Note sulla Intelligenza Artificiale
di Pierluigi Fagan - 30/04/2026

Fonte: Pierluigi Fagan
Le seguenti note a punti scaturiscono dalla lettura del libro di: E.M. Bender, A. Hanna, L’inganno dell’Intelligenza Artificiale, Fazi editore, 2026. Nel testo che segue, alcune considerazioni sono di chi scrive e non delle autrici.
1. A.I. è un concetto inventato nel 1956 da un gruppo di matematici e informatici (più fisici e ingegneri) americani che cercavano di dare una veste appetibile al complesso delle loro ricerche per ottenere finanziamenti da parte del complesso militare.

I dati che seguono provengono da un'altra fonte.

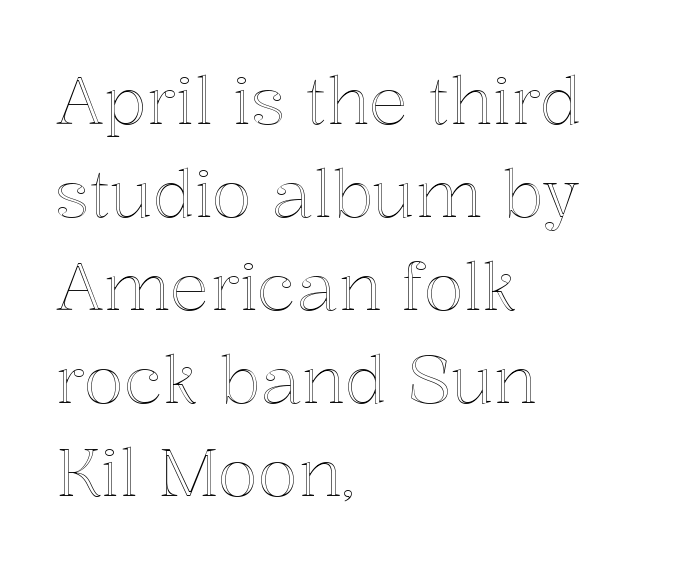
Q: Is the text italic (slanted)? A: No, it is upright.
Q: Is the text underlined? A: No.
Q: How is the paragraph aligned? A: Left-aligned.
Q: Is the spacing between letters normal or unusually wide? A: Normal.
Q: Is the spacing between lines tight, normal or loose? A: Normal.
Q: Width (condensed, normal, or wide)? A: Normal.
Q: x-height? A: Medium.
Q: Monospaced? A: No.
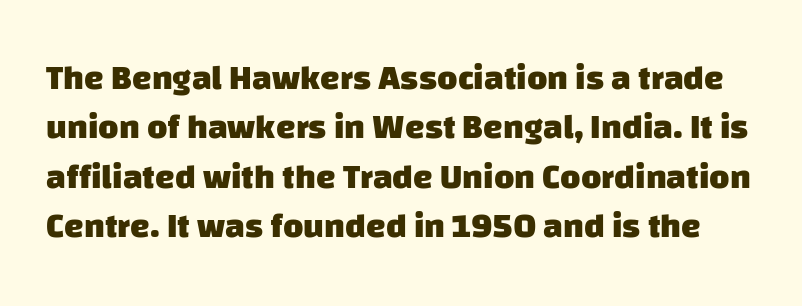
Quick note: interline space is typical. Chunky letters — that's bold for sure. Each letter keeps its own natural width here, so spacing adapts to shape. The strip under each line holds only bare page. Observe the ordinary spacing: letters are neighbours, not strangers. Does the type have serifs? No, each stem ends abruptly.
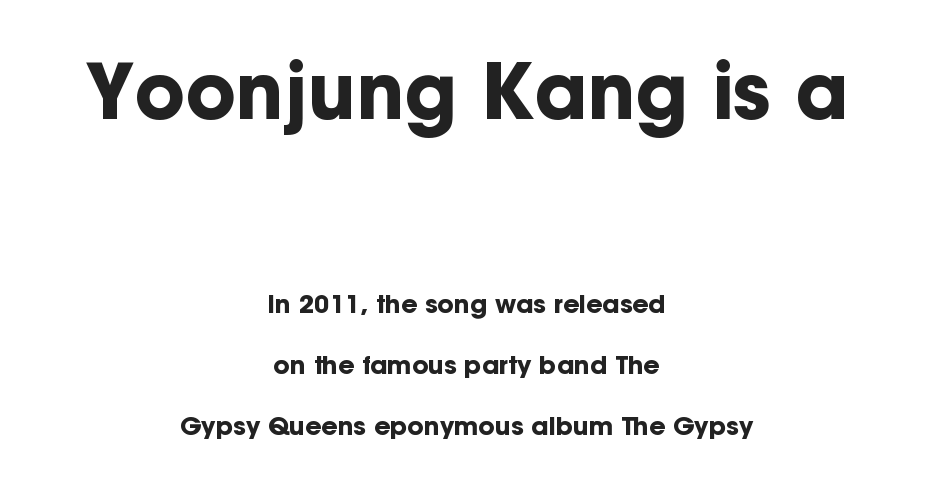
The image shows 76 px bold sans-serif type, upright; set centered, loose line spacing (2.44x), normal letter spacing, not underlined; the first (top) block is 3.04x larger; low stroke contrast and a medium x-height.

2. Da qui quattro cose: a) in questo campo si vanta un concetto di “intelligenza” del quale però non c’è alcuna definizione accettata dalla comunità scientifica mondiale. È per altro un concetto che racchiude diverse abilità cognitive del vivente per cui, tra l’intelligenza dei procarioti e quella umana, ci sono vari livelli e capacità. Altresì, le “intelligenze” umane sono svariate. L’indeterminatezza del concetto favorisce -quindi- l’attribuzione di “intelligenza” un po’ a casaccio; b) dagli anni ’50 ai giorni nostri, la parte scientifica del campo è frequentato da fisici, matematici, ingegneri, informatici e filosofi della mente di stampo analitico mentre sono per lo più assenti gli scienziati che per oggetto studiano il vivente (biologi), la mente-cervello sia dal punto di vista hard (neuro-scienze cognitive) che da quello soft (psicologi); c) sin dagli inizi di questo campo di ricerca si sono avuti come sponsor generali e militari prima e investitori di capitale di rischio poi. Infine, imprenditori per lo più provenienti da studi di informatica, economia o neanche quelli; d) sotto il concetto indeterminato di A.I. si trovano molteplici e tra loro molto diverse capacità e performance.

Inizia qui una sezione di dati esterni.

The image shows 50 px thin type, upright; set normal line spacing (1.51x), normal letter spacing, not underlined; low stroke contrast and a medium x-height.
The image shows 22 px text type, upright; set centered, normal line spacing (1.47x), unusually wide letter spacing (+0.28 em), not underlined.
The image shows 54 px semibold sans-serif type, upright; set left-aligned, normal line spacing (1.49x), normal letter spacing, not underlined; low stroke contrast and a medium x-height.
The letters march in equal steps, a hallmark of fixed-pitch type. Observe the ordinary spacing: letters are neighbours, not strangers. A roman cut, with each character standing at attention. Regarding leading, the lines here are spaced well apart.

3. Questa seconda nota, nel suo complesso, sembrerebbe dire che ci troviamo in un argomento vago e confuso, promosso da scienziati o peggio tecnici, che nulla sanno dell’intelligenza del vivente, che promettono perfetta replicazione di performance in genere umane a gente che dell’umano sa o quanti ammazzarne (militari) o come sfruttarli per fare profitto (capitalisti).
4. Il rapporto tra aspettative, reali performance tecniche e andamenti finanziari, ha generato ormai da decenni, speranzose bolle e scoppio di bolle deluse (conosciute come “inverni dell’A.I.). Il che andrebbe a comporre, assieme al corifeo di giornalisti ignoranti, un enorme volume di eccitazione (hype) intorno a performance assai limitate che sono molto distanti dall’assunto di fondo ovvero replicare l’intelligenza degli enti animati con materia inanimata.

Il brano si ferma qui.